== Given records

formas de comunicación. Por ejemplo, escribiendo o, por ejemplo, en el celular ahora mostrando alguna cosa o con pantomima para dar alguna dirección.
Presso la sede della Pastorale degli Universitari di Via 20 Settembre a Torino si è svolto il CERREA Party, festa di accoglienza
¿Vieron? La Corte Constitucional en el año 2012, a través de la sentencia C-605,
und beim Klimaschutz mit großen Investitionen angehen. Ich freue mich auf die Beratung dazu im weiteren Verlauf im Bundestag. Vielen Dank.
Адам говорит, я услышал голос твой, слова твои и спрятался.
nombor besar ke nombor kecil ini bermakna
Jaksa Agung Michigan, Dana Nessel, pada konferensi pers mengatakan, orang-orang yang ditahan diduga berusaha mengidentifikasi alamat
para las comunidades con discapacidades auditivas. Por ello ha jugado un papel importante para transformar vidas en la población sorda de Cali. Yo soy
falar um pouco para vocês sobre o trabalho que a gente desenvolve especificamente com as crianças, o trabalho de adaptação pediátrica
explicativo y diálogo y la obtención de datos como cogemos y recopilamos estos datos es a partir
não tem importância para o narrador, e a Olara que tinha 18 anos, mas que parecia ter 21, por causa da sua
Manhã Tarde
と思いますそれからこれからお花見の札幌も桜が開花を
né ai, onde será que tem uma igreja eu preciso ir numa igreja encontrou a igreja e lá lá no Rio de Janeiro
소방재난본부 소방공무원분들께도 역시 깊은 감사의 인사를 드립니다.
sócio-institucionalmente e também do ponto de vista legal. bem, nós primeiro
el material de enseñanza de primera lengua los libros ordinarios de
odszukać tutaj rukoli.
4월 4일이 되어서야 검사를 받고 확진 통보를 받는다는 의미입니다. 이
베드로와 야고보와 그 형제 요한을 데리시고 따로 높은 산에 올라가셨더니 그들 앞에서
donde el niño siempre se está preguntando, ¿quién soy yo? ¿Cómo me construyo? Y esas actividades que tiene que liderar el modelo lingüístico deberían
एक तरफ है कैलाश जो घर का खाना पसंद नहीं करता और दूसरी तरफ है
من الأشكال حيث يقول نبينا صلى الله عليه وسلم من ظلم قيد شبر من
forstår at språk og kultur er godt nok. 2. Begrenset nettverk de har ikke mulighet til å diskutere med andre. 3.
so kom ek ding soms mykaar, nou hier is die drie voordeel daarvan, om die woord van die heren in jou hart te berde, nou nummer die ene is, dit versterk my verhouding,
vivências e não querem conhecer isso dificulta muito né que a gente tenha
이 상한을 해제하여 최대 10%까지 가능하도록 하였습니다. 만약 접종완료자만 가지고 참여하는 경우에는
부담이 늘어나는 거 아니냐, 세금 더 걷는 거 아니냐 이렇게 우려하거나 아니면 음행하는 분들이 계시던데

====

* _Task directions_
An exact reproduction of the data is required. Leave nothing out.

* _Reply to the task_
formas de comunicación. Por ejemplo, escribiendo o, por ejemplo, en el celular ahora mostrando alguna cosa o con pantomima para dar alguna dirección.
Presso la sede della Pastorale degli Universitari di Via 20 Settembre a Torino si è svolto il CERREA Party, festa di accoglienza
¿Vieron? La Corte Constitucional en el año 2012, a través de la sentencia C-605,
und beim Klimaschutz mit großen Investitionen angehen. Ich freue mich auf die Beratung dazu im weiteren Verlauf im Bundestag. Vielen Dank.
Адам говорит, я услышал голос твой, слова твои и спрятался.
nombor besar ke nombor kecil ini bermakna
Jaksa Agung Michigan, Dana Nessel, pada konferensi pers mengatakan, orang-orang yang ditahan diduga berusaha mengidentifikasi alamat
para las comunidades con discapacidades auditivas. Por ello ha jugado un papel importante para transformar vidas en la población sorda de Cali. Yo soy
falar um pouco para vocês sobre o trabalho que a gente desenvolve especificamente com as crianças, o trabalho de adaptação pediátrica
explicativo y diálogo y la obtención de datos como cogemos y recopilamos estos datos es a partir
não tem importância para o narrador, e a Olara que tinha 18 anos, mas que parecia ter 21, por causa da sua
Manhã Tarde
と思いますそれからこれからお花見の札幌も桜が開花を
né ai, onde será que tem uma igreja eu preciso ir numa igreja encontrou a igreja e lá lá no Rio de Janeiro
소방재난본부 소방공무원분들께도 역시 깊은 감사의 인사를 드립니다.
sócio-institucionalmente e também do ponto de vista legal. bem, nós primeiro
el material de enseñanza de primera lengua los libros ordinarios de
odszukać tutaj rukoli.
4월 4일이 되어서야 검사를 받고 확진 통보를 받는다는 의미입니다. 이
베드로와 야고보와 그 형제 요한을 데리시고 따로 높은 산에 올라가셨더니 그들 앞에서
donde el niño siempre se está preguntando, ¿quién soy yo? ¿Cómo me construyo? Y esas actividades que tiene que liderar el modelo lingüístico deberían
एक तरफ है कैलाश जो घर का खाना पसंद नहीं करता और दूसरी तरफ है
من الأشكال حيث يقول نبينا صلى الله عليه وسلم من ظلم قيد شبر من
forstår at språk og kultur er godt nok. 2. Begrenset nettverk de har ikke mulighet til å diskutere med andre. 3.
so kom ek ding soms mykaar, nou hier is die drie voordeel daarvan, om die woord van die heren in jou hart te berde, nou nummer die ene is, dit versterk my verhouding,
vivências e não querem conhecer isso dificulta muito né que a gente tenha
이 상한을 해제하여 최대 10%까지 가능하도록 하였습니다. 만약 접종완료자만 가지고 참여하는 경우에는
부담이 늘어나는 거 아니냐, 세금 더 걷는 거 아니냐 이렇게 우려하거나 아니면 음행하는 분들이 계시던데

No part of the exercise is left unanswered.